El baño

Imagen extraída de enteringtheotherside.blogspot.com

A menudo escribo sobre la  horrible sensación de mi cuerpo pensado sobre mi gris colchón, pero otras veces es al contrario, floto. Ser hipersensible tienes sus ventajas.

Hoy he llenado la bañera de agua caliente y jabón de avena, olor de mi infancia, y me he sumergido en ella poco a poco.

He cerrado mis ojos y de repente mi cuerpo ha dejado de pesar, llena de ingravidez me he centrado en todas y cada una de mis sensaciones. He sido azul.
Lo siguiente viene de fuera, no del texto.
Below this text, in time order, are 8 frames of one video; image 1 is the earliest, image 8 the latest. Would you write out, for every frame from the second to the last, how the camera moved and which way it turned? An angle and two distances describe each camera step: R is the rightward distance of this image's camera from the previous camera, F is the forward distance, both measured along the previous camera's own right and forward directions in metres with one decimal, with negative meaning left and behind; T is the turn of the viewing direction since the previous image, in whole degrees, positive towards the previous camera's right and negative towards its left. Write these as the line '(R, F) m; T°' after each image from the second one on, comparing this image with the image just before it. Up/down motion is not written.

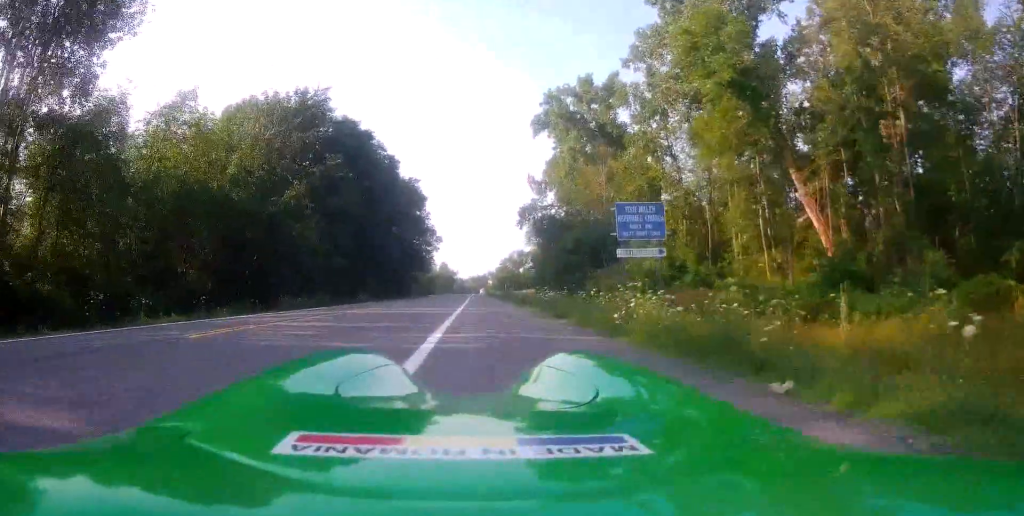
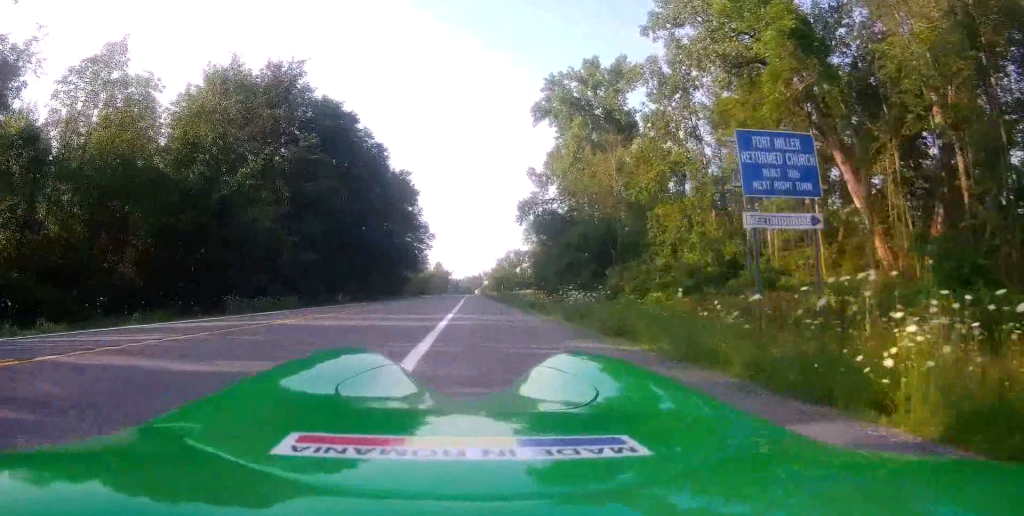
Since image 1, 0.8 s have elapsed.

He sentido cómo mi cabeza y mi pecho estaban fuera del agua y yo era capaz de notar la línea exacta que me separaba del agua. Después me he girado hacia la izquierda  y he dejado mi brazo  y muslo derecho fuera del agua . Por un momento la bañera era el mar y una parte de mí era una isla que sobresalía.

Me daba miedo abrir los ojos y dejar de experimentar todo eso, pero al abrirlos, vi el agua moverse para mí. Jugaba junto con el jabón  a pintar  lunares blancos en un lienzo también blanco, que es mi piel.

Ha sido bello, este recuerdo marcha a mi caja de memoria sensorial, dentro de una cabecita que a veces no sabe lo que le espera y a veces no está tan mal, incluso puede llegar a ser increíble un simple baño.